ランボルギーニ アヴェンタドール、最後の1台を引き渡し…11年の歴史に幕

最終モデル「ウルティメ」は600台限定

V12エンジンは最大出力780hpに強化

カーボンを多用して乾燥重量は1550kgに

ランボルギーニ・アヴェンタドール LP780-4 ウルティメ の最後の1台
ランボルギーニ・アヴェンタドール LP780-4 ウルティメ の最後の1台全 10 枚

ランボルギーニは11月16日、2ドアスーパーカー『アヴェンタドール』の最終モデル『アヴェンタドール LP780-4ウルティメ』のクーペの最後の1台を顧客に引き渡した、と発表した。2011年の登場から約11年で、その歴史に幕を下ろした。

写真:ランボルギーニ・アヴェンタドール LP780-4 ウルティメ

◆最終モデル「ウルティメ」は600台限定

同車は、アヴェンタドールのおよそ11年の歴史に終止符を打つ最終モデルだ。また、ランボルギーニ伝統のV型12気筒ガソリン自然吸気エンジンを、電動化技術なしで搭載する最後のモデルでもある。クーペ350台、ロードスター250台の合計600台が限定生産され、完売している。ウルティメとは、ラテン語で究極の、最後の、を意味する。

ランボルギーニは、クーペの最後の1台を、オンラインオークションに出品。落札者には、スティーブ・アオキとクリスタ・キムの2人のアーティストが手がけた芸術作品も付帯し、作品は「NFT」によって本物と保証される。

NFTとは NFT(Non-Fungible Tokens、非代替性トークン)を意味する。NFTは、ブロックチェーンという分散型台帳に記録される識別子で、絵画、動画、音楽、その他の記録(車のVINなど)に結び付けられる。トークンは同じものが2つとないため、所有者はトークンによって資産の真贋、希少性、プログラマビリティ、インターネット上のトレーサビリティを保証することが可能になる。

ランボルギーニ・アヴェンタドール LP780-4 ウルティメランボルギーニ・アヴェンタドール LP780-4 ウルティメ

◆V12エンジンは最大出力780hpに強化

ランボルギーニは、アヴェンタドール LP780-4ウルティメ向けに、ランボルギーニの市販車向けとしては、史上最強のV型12気筒ガソリン自然吸気エンジンを開発した。チタン製インテークバルブの採用や、VVT(可変バルブタイミング)やVIS(可変吸気システム)の最適化により、6.5リットルV12エンジンは最大出力が780hp/8500rpmに引き上げられた。

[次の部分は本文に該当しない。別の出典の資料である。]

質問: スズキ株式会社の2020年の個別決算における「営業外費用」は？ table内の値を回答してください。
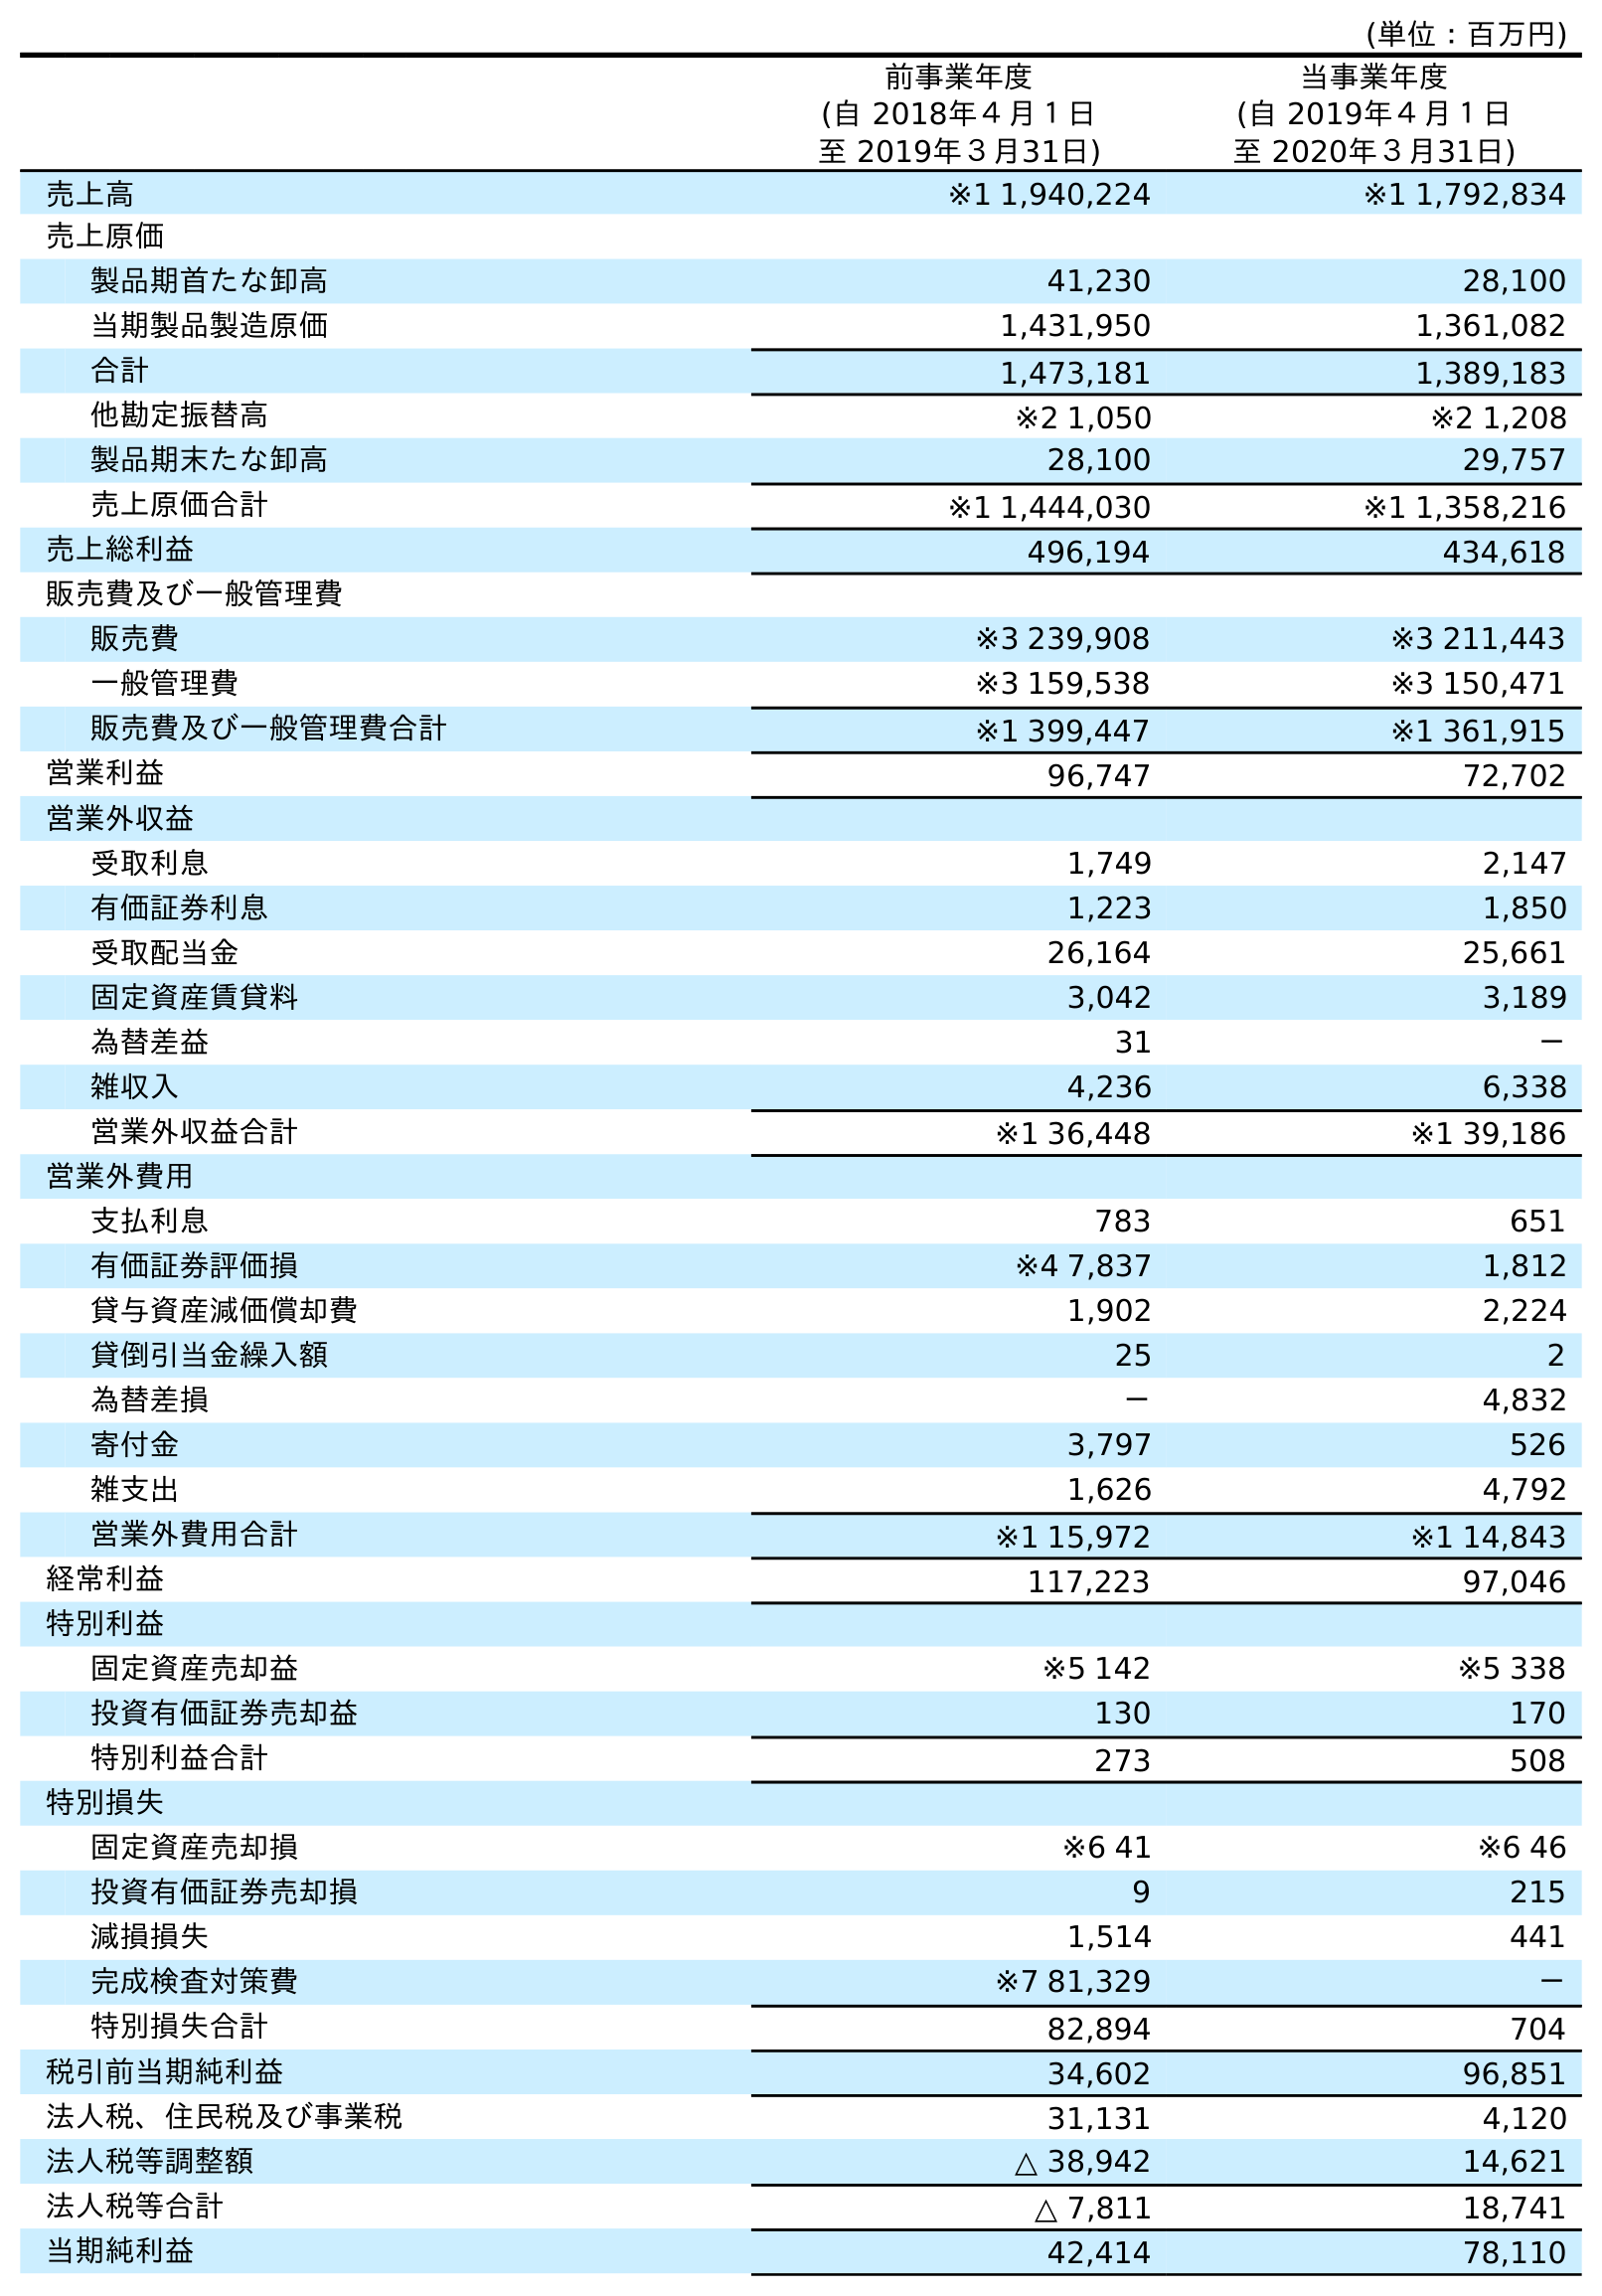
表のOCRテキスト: (単位：百万円) 前事業年度 (自 2018年４月１日 至 2019年３月31日) 当事業年度 (自 2019年４月１日 至 2020年３月31日) 売上高 ※1 1,940,224 ※1 1,792,834 売上原価 製品期首たな卸高 41,230 28,100 当期製品製造原価 1,431,950 1,361,082 合計 1,473,181 1,389,183 他勘定振替高 ※2 1,050 ※2 1,208 製品期末たな卸高 28,100 29,757 売上原価合計 ※1 1,444,030 ※1 1,358,216 売上総利益 496,194 434,618 販売費及び一般管理費 販売費 ※3 239,908 ※3 211,443 一般管理費 ※3 159,538 ※3 150,471 販売費及び一般管理費合計 ※1 399,447 ※1 361,915 営業利益 96,747 72,702 営業外収益 受取利息 1,749 2,147 有価証券利息 1,223 1,850 受取配当金 26,164 25,661 固定資産賃貸料 3,042 3,189 為替差益 31 － 雑収入 4,236 6,338 営業外収益合計 ※1 36,448 ※1 39,186 営業外費用 支払利息 783 651 有価証券評価損 ※4 7,837 1,812 貸与資産減価償却費 1,902 2,224 貸倒引当金繰入額 25 2 為替差損 － 4,832 寄付金 3,797 526 雑支出 1,626 4,792 営業外費用合計 ※1 15,972 ※1 14,843 経常利益 117,223 97,046 特別利益 固定資産売却益 ※5 142 ※5 338 投資有価証券売却益 130 170 特別利益合計 273 508 特別損失 固定資産売却損 ※6 41 ※6 46 投資有価証券売却損 9 215 減損損失 1,514 441 完成検査対策費 ※7 81,329 － 特別損失合計 82,894 704 税引前当期純利益 34,602 96,851 法人税、住民税及び事業税 31,131 4,120 法人税等調整額 △ 38,942 14,621 法人税等合計 △ 7,811 18,741 当期純利益 42,414 78,110
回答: ※114,843

780hpのパワーは『アヴェンタドールS』よりも40hp高く、『アヴェンタドールSVJ』を10hp上回る。最大トルクは73.4kgm/6750rpmだ。トランスミッションは7速の「ISR(インディペンデント・シフティング・ロッド)」。アヴェンタドール LP780-4ウルティメは、 0~100km/h加速2.8秒、最高速355km/hの性能を発揮する。CCBブレーキシステムは、100km/h走行からの制動で、30mで停止できる性能を備える。

モードセレクターによって、「STRADA」、「SPORT」、「CORSA」の3種類のドライブモードが選択できる。これにより、エンジン、トランスミッション、トラクション、ステアリング、サスペンション、スタビリティコントロールを最適に調整することができる。これらに加えて、「EGO」モードでは、すべての設定をカスタマイズし、自分だけのドライビングを楽しむことが可能という。

ランボルギーニ・アヴェンタドール LP780-4 ウルティメランボルギーニ・アヴェンタドール LP780-4 ウルティメ

◆カーボンを多用して乾燥重量は1550kgに

アヴェンタドール LP780-4ウルティメは、アヴェンタドールの基本コンセプトに戻り、「LP」(Longitudinale Posteriore=ミッドシップ縦置き)の名称を復活させた。ランボルギーニのデザイン部門の「セントロスタイル」がデザインを手がけた。特別に開発されたカラーリングは、ブラック部分と塗装部分とのコントラストを美しく演出しているという。

また、無駄のないピュアなボディラインと、広範に使用されているカーボンファイバーが特長だ。剛性が高く軽量なカーボンファイバー製モノコックと、ボディ全体にカーボンファイバーを多用することで、乾燥重量は1550kgに抑えている。

フロントには、リップスポイラーと大型のエアダクトが装備された。エアロダイナミクスを向上させると同時に、エンジンやラジエーターの冷却性を引き上げる。専用のフロントバンパーには、エアダクトとサイドクーリングインレットが採用された。リアバンパーは軽量デザインとしている。

アクティブエアロシステムのリアウィングは、速度と選択したドライブモードに応じて、3種類の角度に切り替わる。アンダーボディも見直され、空気の流れを最大化し、ブレーキの冷却性を高めている。